La mise en place de l'institut n'a, à ce titre, pas été si simple. Après des désaccords en avril dernier, l'EMB décidait de bloquer le processus, estimant être lésé dans sa représentativité. « Le décret prévoyait, dans l'article 7 précisément, que les décisions au sein de cet institut se prennent à la majorité absolue. Nous avons vu dans cet article que le culte musulman aurait une présence symbolique, une présence de figurant et que, finalement, nous (l'EMB, ndlr) ne sommes là que pour légitimer quelque chose qui va nous dépasser. Nous avons donc bloqué et avons demandé au gouvernement des garanties. Nous avons ouvert des négociations avec les autorités, et plus particulièrement avec le ministre de l'Enseignement supérieur (Jean-Claude Marcourt, ndlr), et nous sommes parvenus à un protocole d'accord », explique Salah Echallaoui.

En juillet dernier, le cabinet du ministre et l’EMB a en effet signé un protocole d’accord garantissant que les décisions au sein du comité de direction seront prises par consensus, permettant ainsi le lancement de l'institut à la rentrée académique 2017, Salah Echallaoui considérant qu'il « nous apporte des garanties, met les points sur les i sur l'ingérence étatique des autorités publiques et politiques dans le culte musulman. Nous pouvons travailler sur la base de ce protocole en attendant que le décret soit modifié par le Parlement », précise Salah Echallaoui.

Pour le moment, le décret ne prend donc pas en compte le protocole d'accord. « Les articles qui posent problème doivent être modifiés (...). Mais en attendant nous travaillons avec un protocole d'accord qui a été signé par l’EMB, le ministre Jean-Claude Marcourt et les deux co-présidents de l'institut ».

Quel directeur pour l'institut ?

Le nom du futur dirigeant de l'institut sera connu lors du prochain comité de direction en décembre prochain. Et l'EMB a déjà réfléchit au profil de celui ou celle qui occupera le poste : elle devra « être ouverte aux valeurs véhiculées par la religion musulmane et connaître la communauté musulmane sous ses différents aspects ».

Elle devra aussi, pour Salah Echallaoui, « connaître le monde musulman en général, y compris sa dimension linguistique. La connaissance de la langue arabe, qui est la langue du Coran et la langue véhiculaire de la culture et des textes scripturaires de l’Islam, est nécessaire ainsi que la littérature religieuse, islamique en particulier ».
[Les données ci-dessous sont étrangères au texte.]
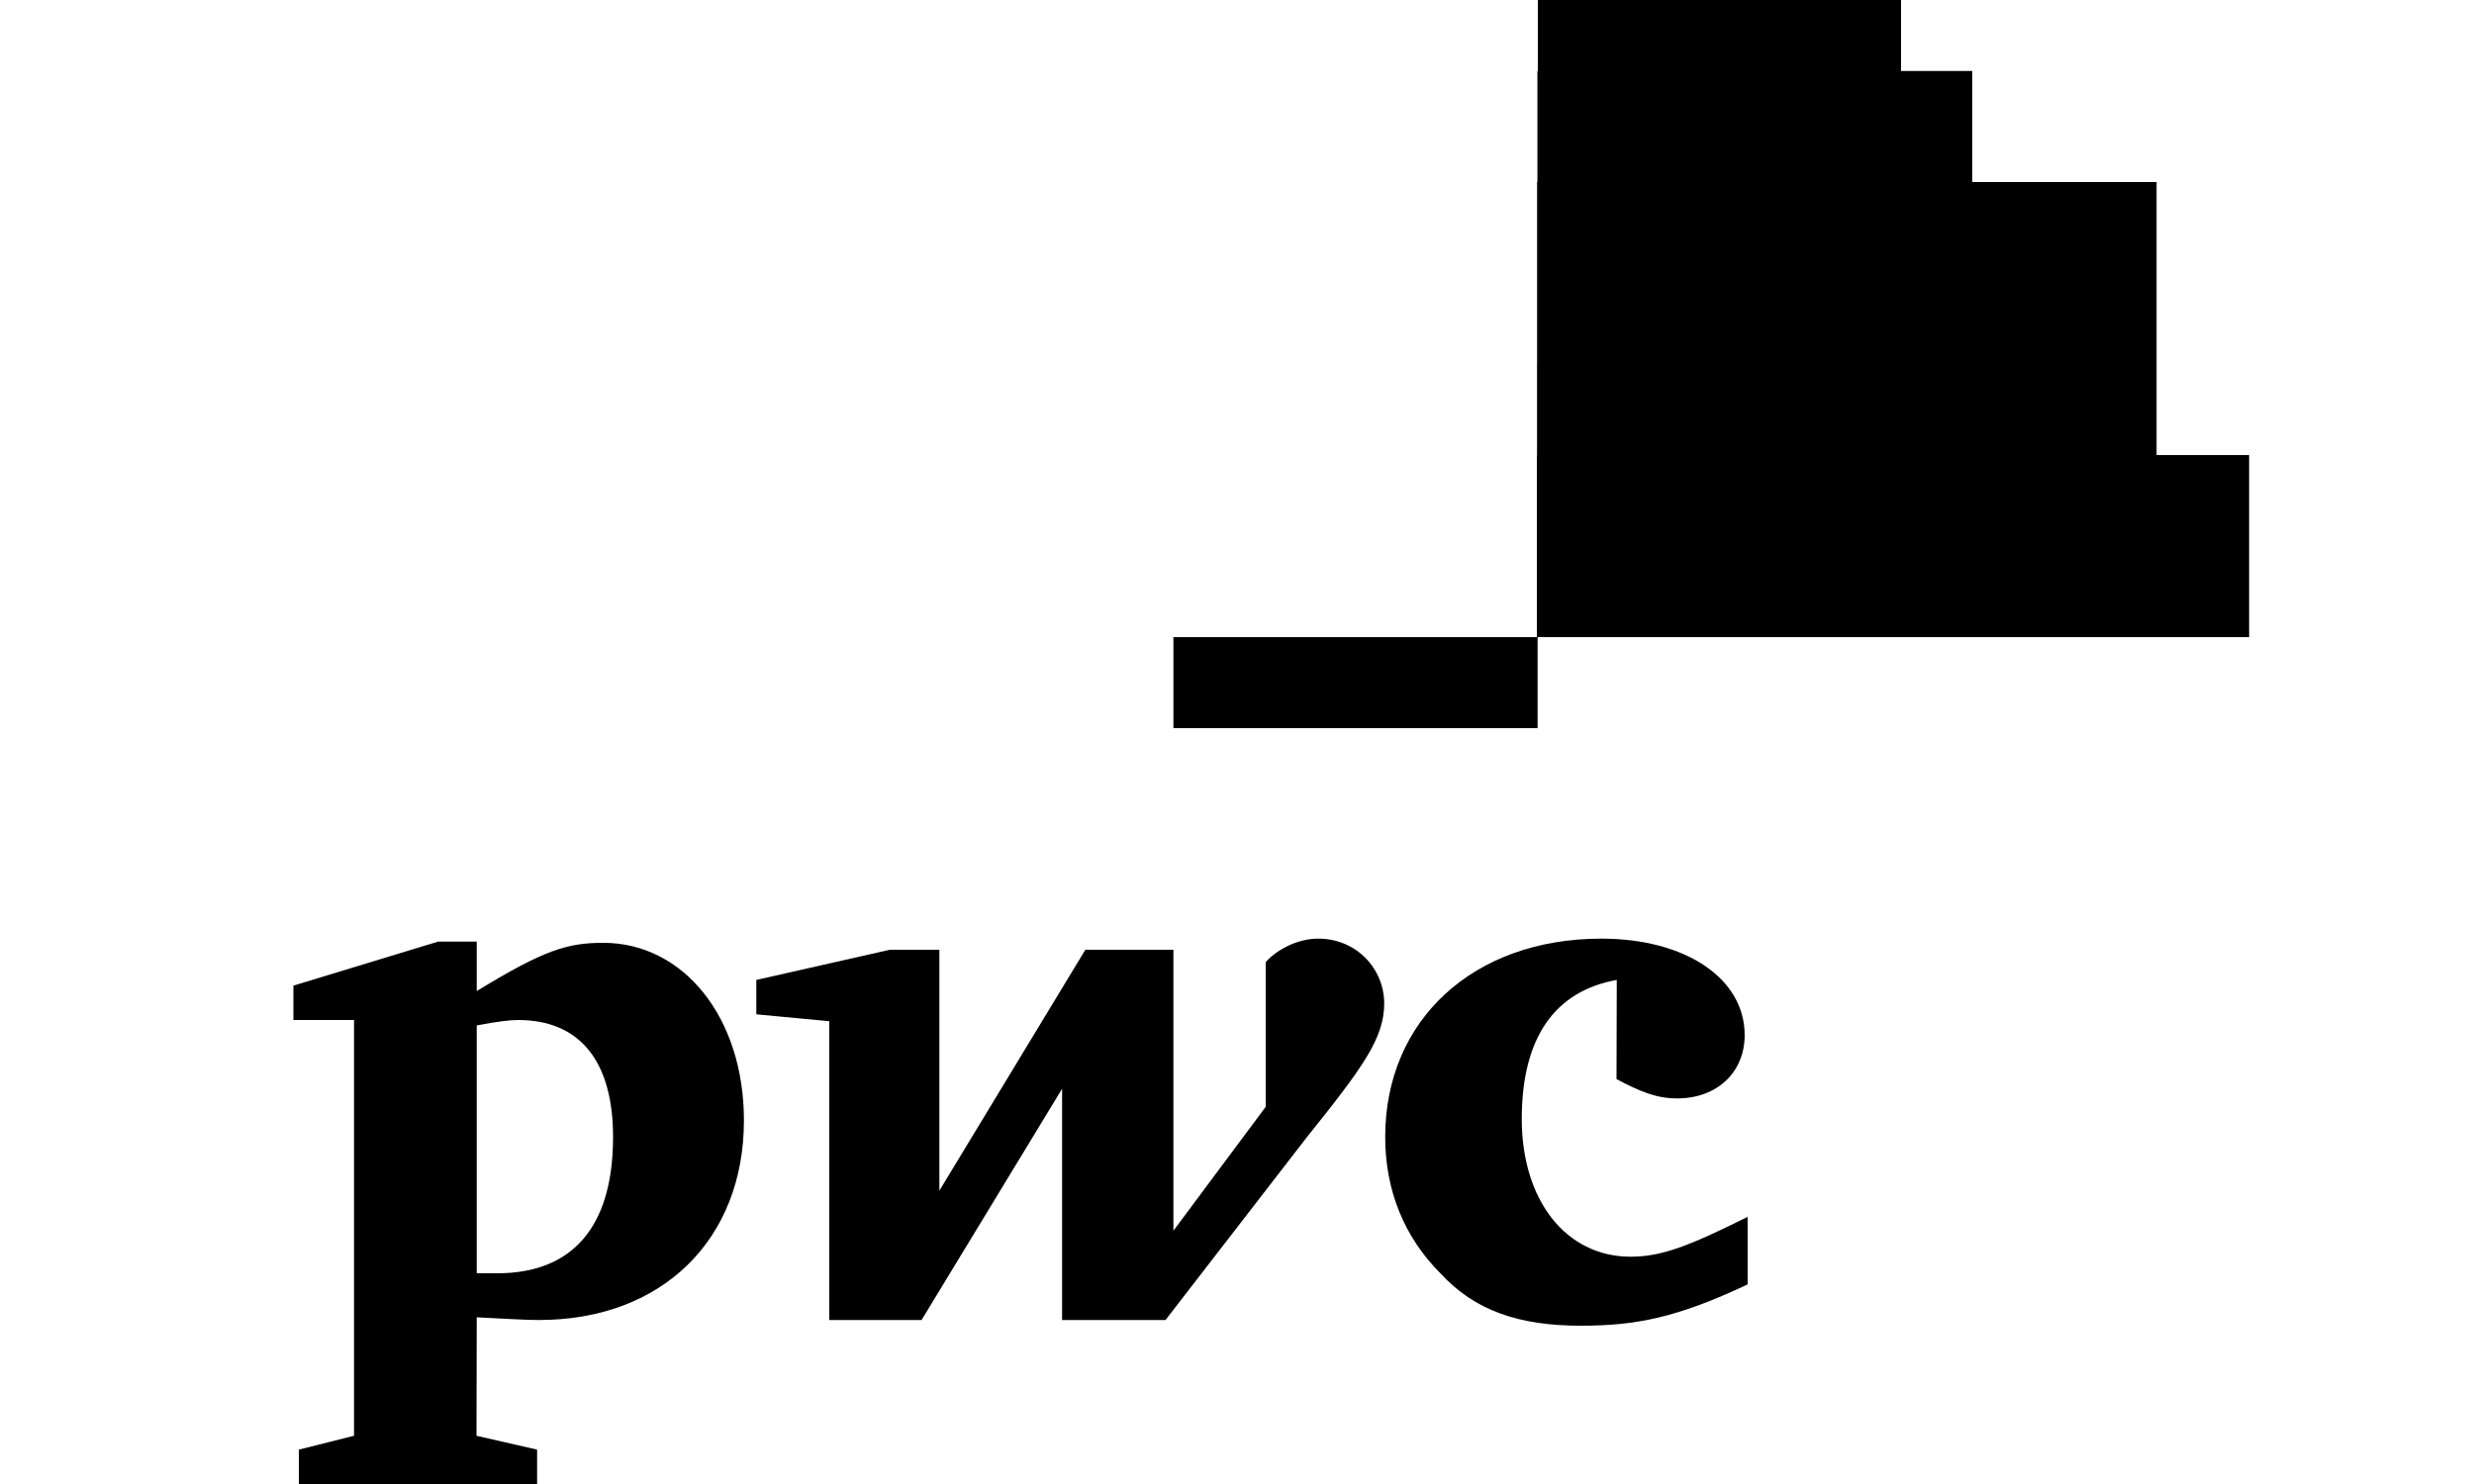 <?xml version="1.0" encoding="UTF-8"?><svg id="Layer_1" xmlns="http://www.w3.org/2000/svg" viewBox="0 0 100 60"><path id="path4061" d="m90.91,25.76h-28.75v-7.36h28.75v7.36Z"/><path id="path4103" d="m87.17,25.76h-25.02V7.36h25.02v18.41h0Z"/><path id="path4089" d="m76.84,25.76h-14.68V0h14.68v25.76Z"/><path id="path4075" d="m79.72,25.76h-17.57V2.87h17.57v22.89Z"/><path id="path4688" d="m62.15,2.88v22.88h14.69V2.88s-14.69,0-14.69,0Z"/><path id="path4119" d="m47.43,25.76h14.72v3.68h-14.72v-3.68h0Z"/><path id="path4698" d="m62.15,7.35v18.41h17.58V7.35h-17.58Z"/><path id="path4693" d="m62.15,7.35v18.41h14.69V7.35h-14.69Z"/><path id="path4117" d="m71.33,25.76h-9.18v-11.05h9.18v11.05h0Z"/><path id="path4713" d="m62.15,18.41v7.35h25.03v-7.35h-25.03Z"/><path id="path4708" d="m62.15,18.41v7.35h17.58v-7.35h-17.58Z"/><path id="path4703" d="m62.15,18.41v7.35h14.69v-7.35h-14.69Z"/><path id="path4625" d="m62.15,18.41v7.35h9.19v-7.35h-9.19Z"/><g id="g2925"><path id="path2850" d="m65.35,39.62c-2.51.45-3.84,2.34-3.84,5.62s1.78,5.57,4.4,5.57c1.28,0,2.39-.45,4.73-1.61v2.73c-2.84,1.34-4.51,1.67-6.74,1.67-2.51,0-4.29-.61-5.68-2.12-1.45-1.45-2.23-3.34-2.23-5.51,0-4.73,3.56-8.02,8.74-8.02,3.4,0,5.79,1.61,5.79,3.9,0,1.5-1.11,2.56-2.73,2.56-.84,0-1.5-.28-2.45-.78"/><path id="path2852" d="m52.83,45.97c2.28-2.84,3.12-4.01,3.12-5.4s-1.11-2.62-2.67-2.62c-.89,0-1.73.5-2.12.95v5.85l-3.73,5.01v-11.36h-3.56l-5.9,9.74v-9.74h-2l-5.4,1.22v1.39l2.95.28v12.08h3.73l5.68-9.35v9.35h4.18"/><path id="path2862" d="m19.26,51.48h.84c3.01,0,4.68-1.84,4.68-5.51,0-3.06-1.34-4.73-3.84-4.73-.33,0-.84.06-1.67.22v10.02h0Zm0,6.57l2.45.56v1.39h-9.63v-1.39l2.23-.56v-16.81h-2.45v-1.39l5.85-1.78h1.56v2c2.73-1.67,3.67-1.95,5.12-1.95,3.23,0,5.68,3.01,5.68,7.18,0,4.79-3.28,8.07-8.29,8.07-.56,0-1.5-.06-2.51-.11"/></g></svg>

La crainte d'une ingérence relevée

En créant l’Institut de promotion des formations sur l’islam par décret, le gouvernement a produit, parmi les musulmans, des craintes d'une ingérence de l'Etat dans des affaires religieuses.

« Non seulement il y a ingérence, et ce quel que soit le noble motif invoqué pour la légitimer, mais de surcroît il y a une discrimination, puisque le culte islamique fait l’objet d’un traitement particulier. En effet, l’Etat ne se mêle pas de la formation des rabbins, des prêtres ou encore des pasteurs. (...) Les pouvoirs publics ne se limitent pas à donner un coup de pouce à des initiatives qui existent depuis des années et qui sont portées par des musulman-e-s. Par voie décrétale, les pouvoirs publics s'immiscent directement dans l’organisation et la promotion d’une version du dogme. On est bien dans un cas de violation du principe de non-ingérence et il faut le dire sans détour », estime, dans une tribune au Soir, le juriste en droit public Mehmet Alparslan Saygın.

Salah Echallaoui se veut plus rassurant. « Notre rôle est primordial : pour tout ce qui touche le culte, aucune décision ne pourra être pris sans l'aval de l'EMB » sur les questions d'ordre théologique et cultuel, précise-t-il.

Par ailleurs, « nous voulons travailler dans le cadre d'un réel partenariat, dans le respect mutuel de notre culte et de notre autonomie et dans le respect de notre Constitution qui garantie la séparation religion-Etat. Nous tenons justement à cela. Je n'exclus pas qu'il va y avoir très certainement quelques tentatives de s'immiscer dans les affaires des musulmans, mais c'est à la communauté musulmane d'être vigilante et à l'institution qui la représente d'être présente pour rappeler à l'ordre parfois s'il y a des dérapages ou des dérives », estime-t-il.

Les critiques ne sont pas prêtes de s'envoler, mais la structure doit d'abord gérer ses premiers chantiers : la désignation d'un comité scientifique et la nomination de son futur directeur - ou directrice - d'ici à décembre 2017.